The dielectric strength of nanocomposites containing GNS is more due to the quasi dimensional structure of GNS and also the platelet structure.

Figure 13 shows that the CTI of nanocomposites increases with the addition of nanoparticles, up to a concentration of 0.05%, after which it is decreased. As observed from Fig. 13 nanocomposites based on GNS demonstrated a larger increase in the CTI as compared to the pristine UPR Matrix, whicht the UPR/GNSsites is also exhibiting very high resistance to the alkaline environment and can withstand high voltage arc generated during the presence of moisture in the substrate surface.

The nanocomposites were prepared by ultrasonically dispersing GNS at different Wt% (0.01% to 0.1%) into the UPR matrix. The extent of dispersion was also observed by using the Scanning electron microscopy (SEM) technique.

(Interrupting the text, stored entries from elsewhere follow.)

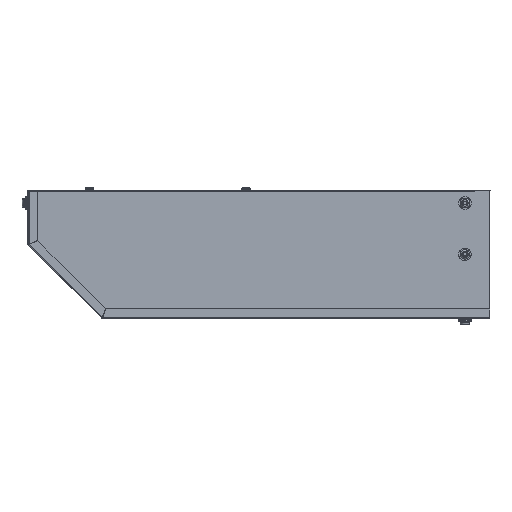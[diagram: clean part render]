
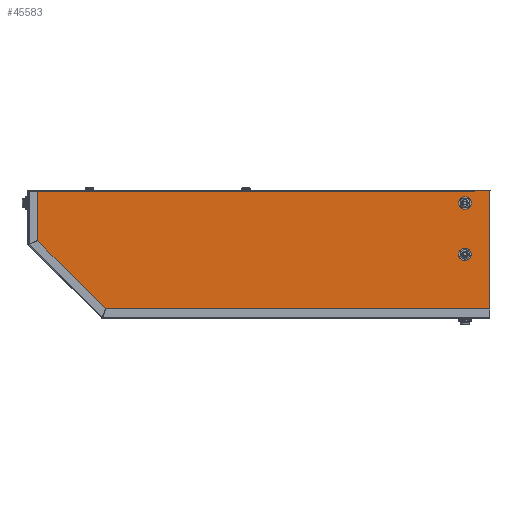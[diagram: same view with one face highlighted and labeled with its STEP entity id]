
A CAD part, left-side view. The second image highlights one B-rep face of the part: STEP entity #45583.
In plain terms, the highlighted face is planar.
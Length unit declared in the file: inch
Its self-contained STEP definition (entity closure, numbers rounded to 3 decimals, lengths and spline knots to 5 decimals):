
#983 = DIRECTION ( 'NONE',  ( 1., 0., 0. ) ) ;
#1407 = DIRECTION ( 'NONE',  ( 0., 0., -1. ) ) ;
#2766 = CARTESIAN_POINT ( 'NONE',  ( 1.72913, -15.35938, 0. ) ) ;
#2833 = ORIENTED_EDGE ( 'NONE', *, *, #56497, .F. ) ;
#3054 = DIRECTION ( 'NONE',  ( 0., 1., 0. ) ) ;
#3284 = AXIS2_PLACEMENT_3D ( 'NONE', #53906, #49957, #13526 ) ;
#4394 = VERTEX_POINT ( 'NONE', #12828 ) ;
#4671 = EDGE_CURVE ( 'NONE', #44982, #4394, #57716, .T. ) ;
#5411 = LINE ( 'NONE', #43336, #9059 ) ;
#6135 = EDGE_LOOP ( 'NONE', ( #45227, #50745, #39747, #7580, #21712, #33205, #2833 ) ) ;
#7580 = ORIENTED_EDGE ( 'NONE', *, *, #17274, .F. ) ;
#9059 = VECTOR ( 'NONE', #29087, 39.37008 ) ;
#9224 = AXIS2_PLACEMENT_3D ( 'NONE', #15172, #47337, #33715 ) ;
#9657 = VERTEX_POINT ( 'NONE', #22222 ) ;
#10754 = ORIENTED_EDGE ( 'NONE', *, *, #58928, .F. ) ;
#10864 = VECTOR ( 'NONE', #983, 39.37008 ) ;
#12405 = LINE ( 'NONE', #30046, #28589 ) ;
#12828 = CARTESIAN_POINT ( 'NONE',  ( 4.06412, -1.24138, 0. ) ) ;
#13526 = DIRECTION ( 'NONE',  ( -1., 0., 0. ) ) ;
#13555 = DIRECTION ( 'NONE',  ( -1., 0., 0. ) ) ;
#13841 = VERTEX_POINT ( 'NONE', #25711 ) ;
#14853 = CARTESIAN_POINT ( 'NONE',  ( -0.87987, -7.36589, 0. ) ) ;
#14906 = VERTEX_POINT ( 'NONE', #21436 ) ;
#14914 = EDGE_CURVE ( 'NONE', #14906, #42337, #41757, .T. ) ;
#14955 = CARTESIAN_POINT ( 'NONE',  ( 1.59212, -16.33438, 0. ) ) ;
#15172 = CARTESIAN_POINT ( 'NONE',  ( 1.62013, -15.35938, 0. ) ) ;
#15709 = CARTESIAN_POINT ( 'NONE',  ( -0.87987, -15.74938, 0. ) ) ;
#16700 = DIRECTION ( 'NONE',  ( 1., 0., 0. ) ) ;
#17274 = EDGE_CURVE ( 'NONE', #37210, #46070, #37659, .T. ) ;
#18095 = PLANE ( 'NONE',  #3284 ) ;
#20664 = CARTESIAN_POINT ( 'NONE',  ( 1.62013, -15.35938, 0. ) ) ;
#21368 = EDGE_CURVE ( 'NONE', #46070, #44982, #23479, .T. ) ;
#21436 = CARTESIAN_POINT ( 'NONE',  ( -0.27087, -15.35938, 0. ) ) ;
#21712 = ORIENTED_EDGE ( 'NONE', *, *, #25620, .F. ) ;
#21996 = EDGE_CURVE ( 'NONE', #9657, #23345, #53542, .T. ) ;
#22222 = CARTESIAN_POINT ( 'NONE',  ( 1.51113, -15.35938, 0. ) ) ;
#22641 = FACE_BOUND ( 'NONE', #54580, .T. ) ;
#22987 = CARTESIAN_POINT ( 'NONE',  ( 1.59212, -15.74938, 0. ) ) ;
#23345 = VERTEX_POINT ( 'NONE', #2766 ) ;
#23479 = LINE ( 'NONE', #14955, #10864 ) ;
#25449 = CARTESIAN_POINT ( 'NONE',  ( 1.22013, 1.6026, 0. ) ) ;
#25548 = VECTOR ( 'NONE', #3054, 39.37008 ) ;
#25620 = EDGE_CURVE ( 'NONE', #13841, #37210, #37834, .T. ) ;
#25688 = ORIENTED_EDGE ( 'NONE', *, *, #21996, .F. ) ;
#25711 = CARTESIAN_POINT ( 'NONE',  ( -0.83987, -15.74938, 0. ) ) ;
#26862 = EDGE_LOOP ( 'NONE', ( #55967, #48412 ) ) ;
#28589 = VECTOR ( 'NONE', #35806, 39.37008 ) ;
#29087 = DIRECTION ( 'NONE',  ( -1., 0., 0. ) ) ;
#29790 = EDGE_CURVE ( 'NONE', #51361, #13841, #30941, .T. ) ;
#30046 = CARTESIAN_POINT ( 'NONE',  ( 4.20631, -1.38358, 0. ) ) ;
#30941 = LINE ( 'NONE', #37000, #39555 ) ;
#31445 = FACE_OUTER_BOUND ( 'NONE', #6135, .T. ) ;
#31469 = CARTESIAN_POINT ( 'NONE',  ( -0.37987, -15.35938, 0. ) ) ;
#32195 = VERTEX_POINT ( 'NONE', #25449 ) ;
#32777 = AXIS2_PLACEMENT_3D ( 'NONE', #33030, #1407, #46944 ) ;
#33030 = CARTESIAN_POINT ( 'NONE',  ( -0.37987, -15.35938, 0. ) ) ;
#33205 = ORIENTED_EDGE ( 'NONE', *, *, #29790, .F. ) ;
#33715 = DIRECTION ( 'NONE',  ( 1., 0., 0. ) ) ;
#35041 = CARTESIAN_POINT ( 'NONE',  ( -0.48887, -15.35938, 0. ) ) ;
#35806 = DIRECTION ( 'NONE',  ( -0.707, 0.707, 0. ) ) ;
#36324 = DIRECTION ( 'NONE',  ( 0., 0., -1. ) ) ;
#37000 = CARTESIAN_POINT ( 'NONE',  ( -0.83987, -7.36589, 0. ) ) ;
#37210 = VERTEX_POINT ( 'NONE', #15709 ) ;
#37659 = LINE ( 'NONE', #14853, #42830 ) ;
#37834 = LINE ( 'NONE', #22987, #41422 ) ;
#39199 = DIRECTION ( 'NONE',  ( 0., 0., -1. ) ) ;
#39555 = VECTOR ( 'NONE', #49430, 39.37008 ) ;
#39747 = ORIENTED_EDGE ( 'NONE', *, *, #21368, .F. ) ;
#41148 = FACE_BOUND ( 'NONE', #26862, .T. ) ;
#41422 = VECTOR ( 'NONE', #13555, 39.37008 ) ;
#41736 = EDGE_CURVE ( 'NONE', #42337, #14906, #58895, .T. ) ;
#41757 = CIRCLE ( 'NONE', #44621, 0.109 ) ;
#42337 = VERTEX_POINT ( 'NONE', #35041 ) ;
#42493 = DIRECTION ( 'NONE',  ( 0., -1., 0. ) ) ;
#42830 = VECTOR ( 'NONE', #42493, 39.37008 ) ;
#43336 = CARTESIAN_POINT ( 'NONE',  ( 1.59212, 1.6026, 0. ) ) ;
#44621 = AXIS2_PLACEMENT_3D ( 'NONE', #31469, #36324, #54520 ) ;
#44982 = VERTEX_POINT ( 'NONE', #57111 ) ;
#45227 = ORIENTED_EDGE ( 'NONE', *, *, #46574, .F. ) ;
#45583 = ADVANCED_FACE ( 'F2', ( #22641, #41148, #31445 ), #18095, .F. ) ;
#46070 = VERTEX_POINT ( 'NONE', #57417 ) ;
#46574 = EDGE_CURVE ( 'NONE', #4394, #32195, #12405, .T. ) ;
#46944 = DIRECTION ( 'NONE',  ( 1., 0., 0. ) ) ;
#47337 = DIRECTION ( 'NONE',  ( 0., 0., -1. ) ) ;
#47953 = CIRCLE ( 'NONE', #9224, 0.109 ) ;
#48412 = ORIENTED_EDGE ( 'NONE', *, *, #41736, .F. ) ;
#48890 = CARTESIAN_POINT ( 'NONE',  ( 4.06412, -7.36589, 0. ) ) ;
#49430 = DIRECTION ( 'NONE',  ( 0., -1., 0. ) ) ;
#49681 = AXIS2_PLACEMENT_3D ( 'NONE', #20664, #39199, #16700 ) ;
#49957 = DIRECTION ( 'NONE',  ( 0., 0., 1. ) ) ;
#50584 = CARTESIAN_POINT ( 'NONE',  ( -0.83987, 1.6026, 0. ) ) ;
#50745 = ORIENTED_EDGE ( 'NONE', *, *, #4671, .F. ) ;
#51361 = VERTEX_POINT ( 'NONE', #50584 ) ;
#53542 = CIRCLE ( 'NONE', #49681, 0.109 ) ;
#53906 = CARTESIAN_POINT ( 'NONE',  ( 4.0653, 1.60379, 0. ) ) ;
#54520 = DIRECTION ( 'NONE',  ( 1., 0., 0. ) ) ;
#54580 = EDGE_LOOP ( 'NONE', ( #10754, #25688 ) ) ;
#55967 = ORIENTED_EDGE ( 'NONE', *, *, #14914, .F. ) ;
#56497 = EDGE_CURVE ( 'NONE', #32195, #51361, #5411, .T. ) ;
#57111 = CARTESIAN_POINT ( 'NONE',  ( 4.06412, -16.33438, 0. ) ) ;
#57417 = CARTESIAN_POINT ( 'NONE',  ( -0.87987, -16.33438, 0. ) ) ;
#57716 = LINE ( 'NONE', #48890, #25548 ) ;
#58895 = CIRCLE ( 'NONE', #32777, 0.109 ) ;
#58928 = EDGE_CURVE ( 'NONE', #23345, #9657, #47953, .T. ) ;
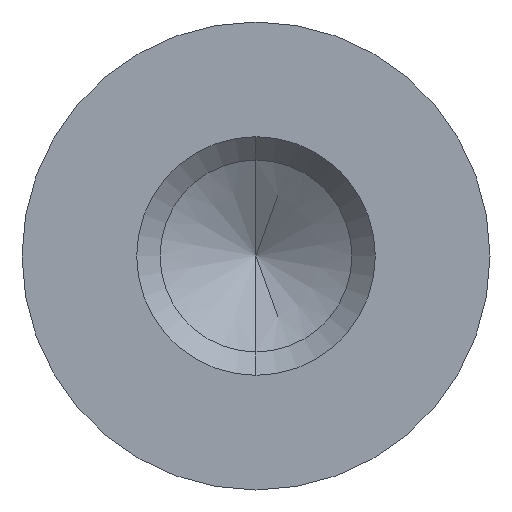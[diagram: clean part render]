
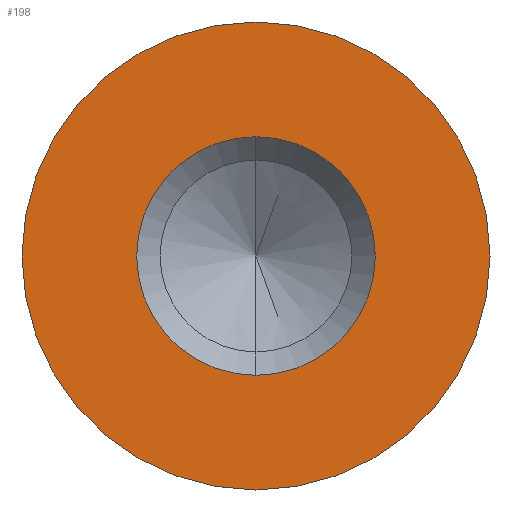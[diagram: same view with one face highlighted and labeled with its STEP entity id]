
A CAD part, left-side view. The second image highlights one B-rep face of the part: STEP entity #198.
In plain terms, the highlighted planar face has unit normal (-1, 0, 0).
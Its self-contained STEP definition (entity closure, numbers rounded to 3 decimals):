
#2 = EDGE_CURVE ( 'NONE', #735, #104, #407, .T. ) ;
#3 = ORIENTED_EDGE ( 'NONE', *, *, #570, .F. ) ;
#38 = DIRECTION ( 'NONE',  ( 0., -1., 0. ) ) ;
#40 = AXIS2_PLACEMENT_3D ( 'NONE', #125, #824, #129 ) ;
#43 = ORIENTED_EDGE ( 'NONE', *, *, #70, .T. ) ;
#50 = CIRCLE ( 'NONE', #546, 5. ) ;
#70 = EDGE_CURVE ( 'NONE', #709, #679, #652, .T. ) ;
#72 = DIRECTION ( 'NONE',  ( -1., 0., 0. ) ) ;
#86 = DIRECTION ( 'NONE',  ( 0., 0., 1. ) ) ;
#104 = VERTEX_POINT ( 'NONE', #545 ) ;
#105 = DIRECTION ( 'NONE',  ( 0., 1., 0. ) ) ;
#125 = CARTESIAN_POINT ( 'NONE',  ( -2., 0., 0. ) ) ;
#129 = DIRECTION ( 'NONE',  ( 0., 0., 1. ) ) ;
#153 = DIRECTION ( 'NONE',  ( 0., -1., 0. ) ) ;
#193 = ORIENTED_EDGE ( 'NONE', *, *, #2, .F. ) ;
#198 = ADVANCED_FACE ( 'NONE', ( #365, #625 ), #678, .F. ) ;
#205 = EDGE_CURVE ( 'NONE', #679, #709, #50, .T. ) ;
#240 = AXIS2_PLACEMENT_3D ( 'NONE', #752, #690, #105 ) ;
#365 = FACE_BOUND ( 'NONE', #808, .T. ) ;
#390 = ORIENTED_EDGE ( 'NONE', *, *, #205, .T. ) ;
#407 = CIRCLE ( 'NONE', #40, 2.55 ) ;
#431 = CARTESIAN_POINT ( 'NONE',  ( -2., 0., 0. ) ) ;
#443 = CARTESIAN_POINT ( 'NONE',  ( -2., -5., 0. ) ) ;
#535 = DIRECTION ( 'NONE',  ( -1., 0., 0. ) ) ;
#545 = CARTESIAN_POINT ( 'NONE',  ( -2., 0., 2.55 ) ) ;
#546 = AXIS2_PLACEMENT_3D ( 'NONE', #431, #683, #38 ) ;
#567 = AXIS2_PLACEMENT_3D ( 'NONE', #665, #72, #153 ) ;
#570 = EDGE_CURVE ( 'NONE', #104, #735, #657, .T. ) ;
#601 = CARTESIAN_POINT ( 'NONE',  ( -2., 0., 0. ) ) ;
#623 = CARTESIAN_POINT ( 'NONE',  ( -2., 5., 0. ) ) ;
#625 = FACE_OUTER_BOUND ( 'NONE', #689, .T. ) ;
#627 = CARTESIAN_POINT ( 'NONE',  ( -2., 0., -2.55 ) ) ;
#652 = CIRCLE ( 'NONE', #567, 5. ) ;
#657 = CIRCLE ( 'NONE', #682, 2.55 ) ;
#665 = CARTESIAN_POINT ( 'NONE',  ( -2., 0., 0. ) ) ;
#678 = PLANE ( 'NONE',  #240 ) ;
#679 = VERTEX_POINT ( 'NONE', #623 ) ;
#682 = AXIS2_PLACEMENT_3D ( 'NONE', #601, #535, #86 ) ;
#683 = DIRECTION ( 'NONE',  ( -1., 0., 0. ) ) ;
#689 = EDGE_LOOP ( 'NONE', ( #43, #390 ) ) ;
#690 = DIRECTION ( 'NONE',  ( 1., 0., 0. ) ) ;
#709 = VERTEX_POINT ( 'NONE', #443 ) ;
#735 = VERTEX_POINT ( 'NONE', #627 ) ;
#752 = CARTESIAN_POINT ( 'NONE',  ( -2., 5., 0. ) ) ;
#808 = EDGE_LOOP ( 'NONE', ( #3, #193 ) ) ;
#824 = DIRECTION ( 'NONE',  ( -1., 0., 0. ) ) ;
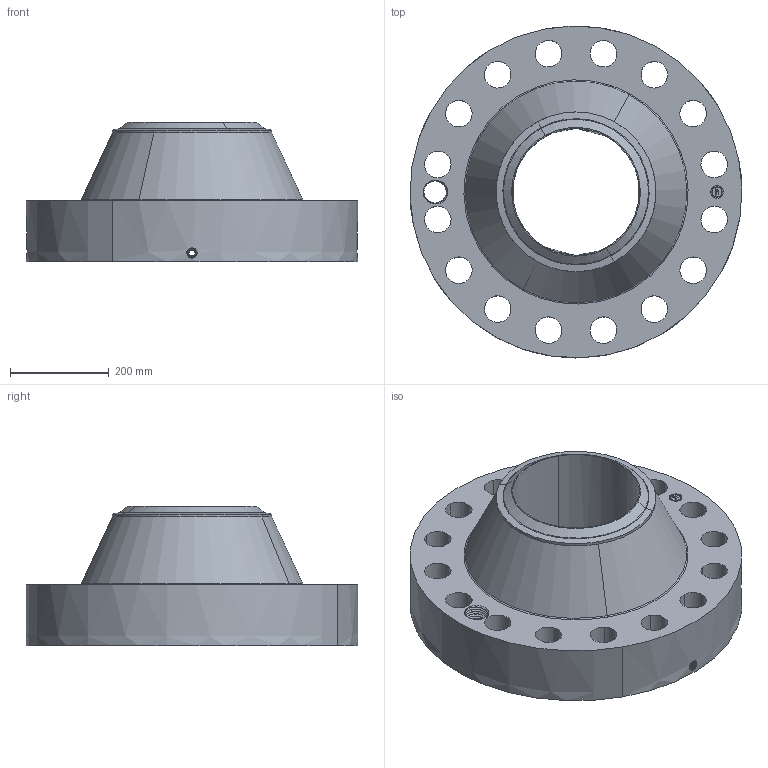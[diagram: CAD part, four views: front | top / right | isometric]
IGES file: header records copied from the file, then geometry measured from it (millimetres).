
Start section: START RECORD GO HERE.
Global section: file name: 12-1500-FF-WELD-NECK-160-ORIF-FLANGE.igs; native system: DASSAULT SYSTEMES CATIA V5 R20 - www.3ds.com; preprocessor: CATIA Version 5 Release 20 SP 6 ; author: Texas Flange; organization: ; date: 20131103.110944; units: inch
Bounding box: 672.91 x 673.1 x 282.45 mm (x, y, z)
Volume: 42390547.1 mm3; surface area: 1518147.8 mm2
Topology: 1 solids, 1 shells, 828 faces, 2250 edges, 1442 vertices
Faces by surface type: plane 368, bspline 280, revolution 180

The mechanical properties like tensile, elongation, flexural and impact & thermal properties of the prepared nanocomposites were evaluated. Also, the electrical properties like surface resistivity, dry arc resistance, comparative tracking index, and dielectric strength were evaluated to observe the electrical behavior of the nanocomposites. The tensile strength of the nanocomposites improved with increase in the concentration of GNS. The highest tensile strength was observed at a concentration 0.05% where the increase in the tensile strength value is 52% in comparison to that of the pristine UPR. Again, the flexural strength also increased by approximately 92% at the concentration of 0.05% and the impact strength also increased around 91% at the same concentration. Similarly, the thermal properties for the nanocomposites were also improved. The nanocomposites based on GNS also demonstrated improvement in the electrical properties. The high voltage arc resistance properties also significantly improved by 20% at the concentration of 0.05% GNS. Furthermore, the dielectric strength also improved for the nanocomposites.